R92m row over NMB metro bus system cameras

Officials, firm sued after ‘illegal’ payments

The Nelson Mandela Bay Municipality is suing a Port Elizabeth security firm and seven of the city’s current and former senior staff in the hope of recouping R92.4-million spent on CCTV cameras for the beleaguered bus system.

The municipality believes the payments, ultimately approved by suspended corporate services boss Mod Ndoyana between November 2013 and September 2014, were irregular and unlawful as there was no legal contract in place.

It wants the Port Elizabeth High Court to hold Afrisec Strategic Solutions and the other seven people liable for the nine payments over the 10-month period.

The seven metro staff who are listed as defendants are Ndoyana, chief financial officer Trevor Harper, former IPTS boss Mhleli Tshamase, fired supply chain contracts controller Sox Nkanjeni, legal services official Nobuntu Mgogoshe and former municipal facilities directors Patrick Keble and Armien Madatt.

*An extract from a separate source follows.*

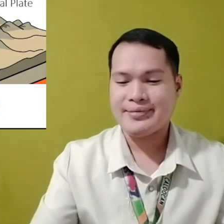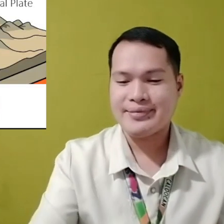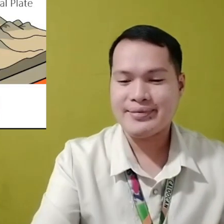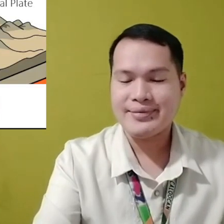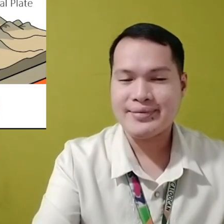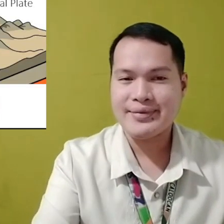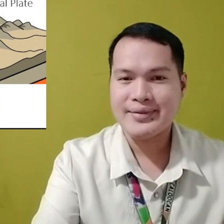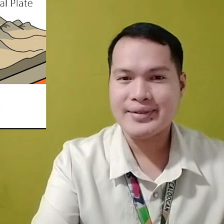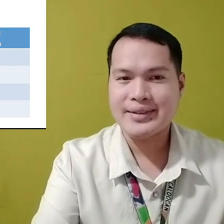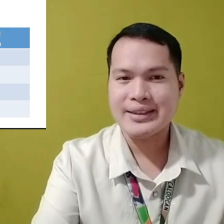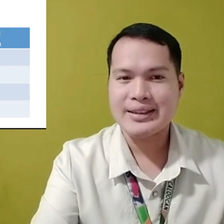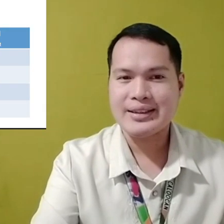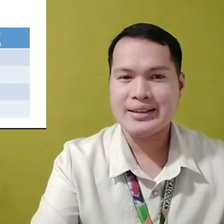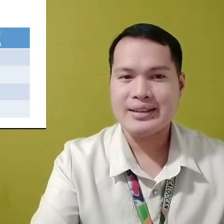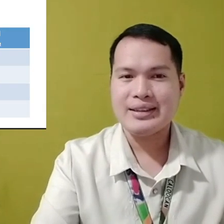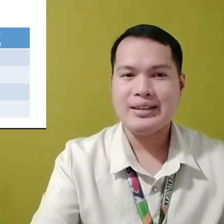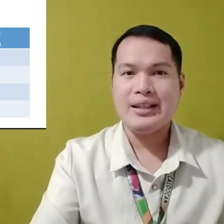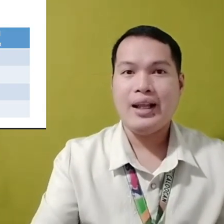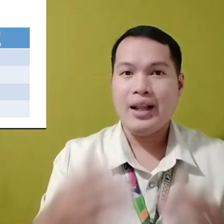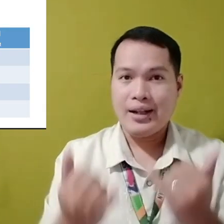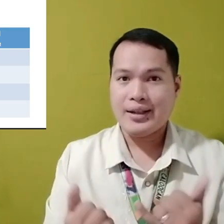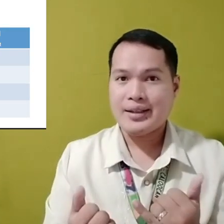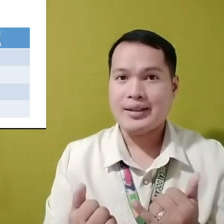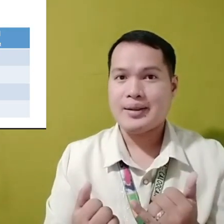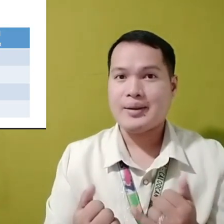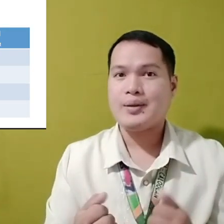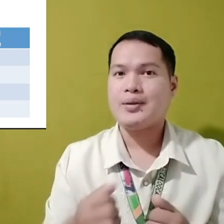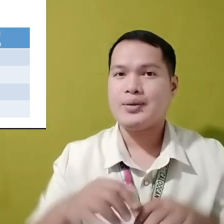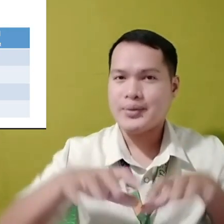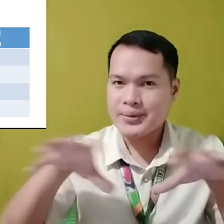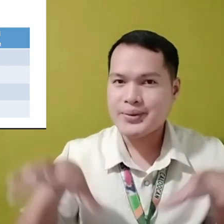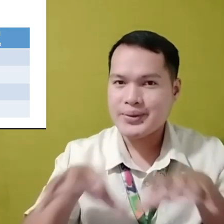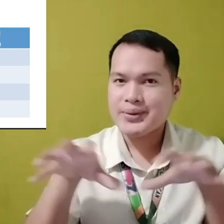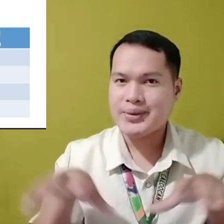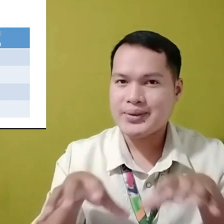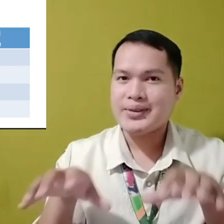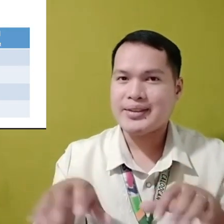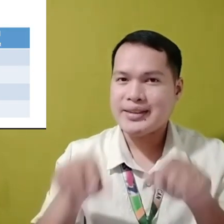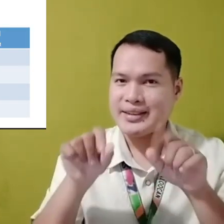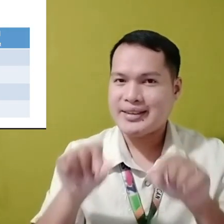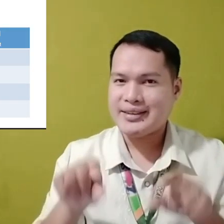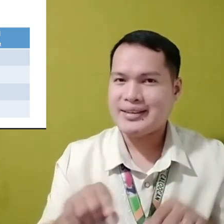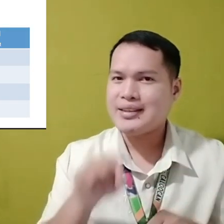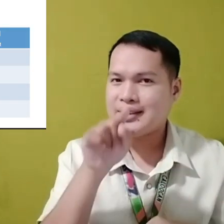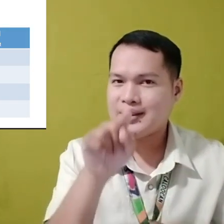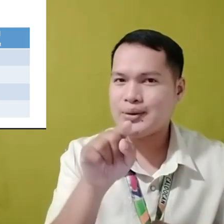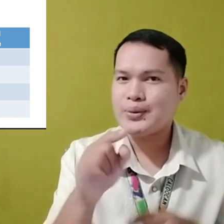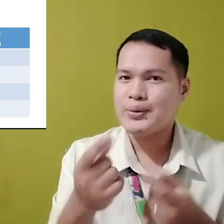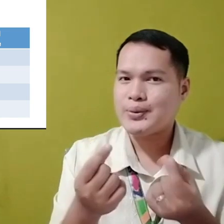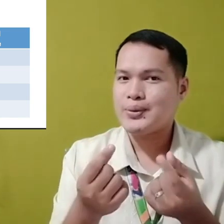Para sa ating activity number one, ang gagawin natin,

This comes as the metro is involved in another legal matter involving some of its staff and businessman Fareed Fakir, in which it is also trying to recoup some of the

money squandered on the Integrated Public Transport System (IPTS).

The city believes that Afrisec was “commensurately unjustifiably enriched” by the municipality and is liable to pay back the R92.4-million.

It claims the only binding document between the city and Afrisec was a letter from the municipality in July 2012, accepting Afrisec’s tender for the supply and installation of CCTV cameras and other security for municipal buildings.

The tender was for three years, capped at R5-million.

The municipality said no formal contract had ever been signed between the two.

It claims that as the city needed CCTV camera surveillance installed on buses, along bus routes and at bus stops, Keble and Nkanjeni had insisted that the metro could piggyback off the existing tender.

This, despite warnings from Tshamase’s predecessor, Tony Arthur, and safety and security assistant director Lee-Anne Meiring that the scope of the tender was different.

Instead, Meiring was allegedly told by Keble and Nkanjeni to use the existing tender and not interfere in supply chain management matters.

“Just a word of advice, please leave supply chain management matters to SCM practitioners to avoid any legal implications,” Nkanjeni wrote to Meiring.

“Therefore, all of us must respect each other’s field which we are assigned to in order to take full responsibility when the need arises.”

Afrisec then allegedly supplied the cameras and other hardware and was paid in tranches.

The court papers detail how Tshamase tried to rush the spending, saying the city could lose its grant funding from the Department of Transport if the money was not spent by June 30 2014.

The city claims he even asked Afrisec to sell it the equipment for IPTS routes although it was “not yet needed for this purpose”, saying the cameras should not be delivered to the metro but retained in Afrisec’s control.

The municipality said there was no evidence that some of the equipment – for which the city had paid R45.5-million – even existed.

“The said goods have … not been delivered to the [municipality] and the [municipality] has no knowledge of the whereabouts thereof or indeed whether they exist,” it said.

The director of expenditure management and financial control, Barbara de Scande, raised the alarm in August 2014, saying the work reflected did not fall within the scope of the tender.

“It is clear that advice given by supply chain is incorrect in this instance and that there was no authority to use the existing tender,” she wrote.

“The memo that is being referred to was signed by S Nkanjeni and not the director of [supply chain].”

Harper then asked for legal advice and referred the matter to internal audit, wanting to know if the municipality should pay the R35-million that was still owed to Afrisec at the time.

He instructed De Scande later to pay Afrisec after Mgogoshe advised that they should be paid because services had been rendered and failure to pay could lead to litigation.

In its legal summons, the metro claims all payments were unlawful and the actions of all eight defendants were negligent, causing the metro to suffer damages.